Items from a dataset:
········
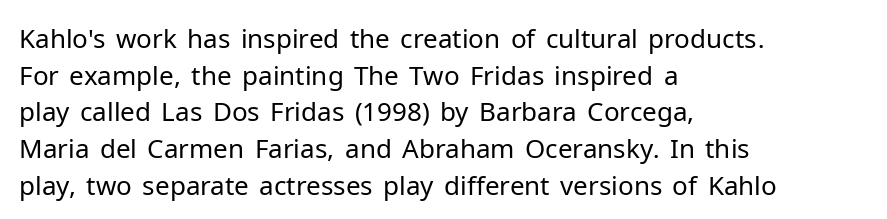
In CSS terms this would be text-align: left. The words here are not underlined. The font is comparable to plain body text, perhaps lighter. Every character sits straight up, as roman type does. The vertical gap from one line to the next is medium. Compared with typical body copy, the letter spacing here is the same.
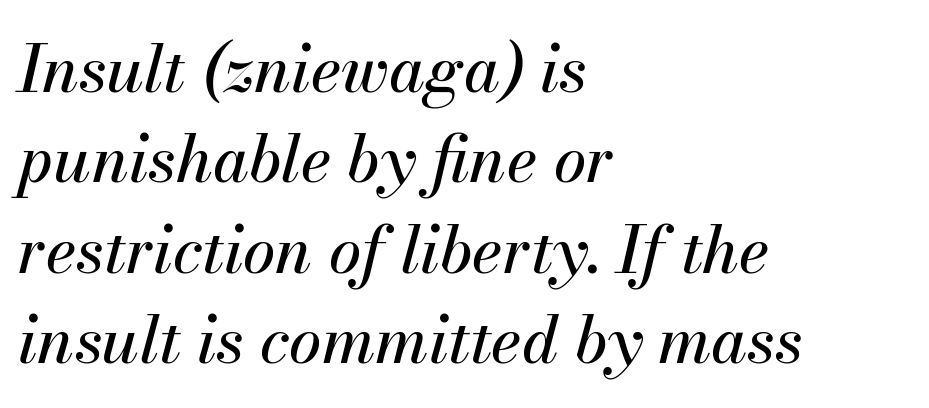
Q: Is the text italic (slanted)? A: Yes, it leans right by about 13 degrees.
Q: Is the text underlined? A: No.
Q: How is the paragraph aligned? A: Left-aligned.
Q: Is the spacing between letters normal or unusually wide? A: Normal.
Q: Is the spacing between lines tight, normal or loose? A: Normal.
Q: Width (condensed, normal, or wide)? A: Normal.
Q: Stroke contrast? A: Medium.
Q: x-height? A: Small.
Q: Monospaced? A: No.
········
The answer must restate each entry word for word and contain no images.

In CSS terms this would be text-align: left. The words here are not underlined. The font is comparable to plain body text, perhaps lighter. Every character sits straight up, as roman type does. The vertical gap from one line to the next is medium. Compared with typical body copy, the letter spacing here is the same.
Q: Is the text italic (slanted)? A: Yes, it leans right by about 13 degrees.
Q: Is the text underlined? A: No.
Q: How is the paragraph aligned? A: Left-aligned.
Q: Is the spacing between letters normal or unusually wide? A: Normal.
Q: Is the spacing between lines tight, normal or loose? A: Normal.
Q: Width (condensed, normal, or wide)? A: Normal.
Q: Stroke contrast? A: Medium.
Q: x-height? A: Small.
Q: Monospaced? A: No.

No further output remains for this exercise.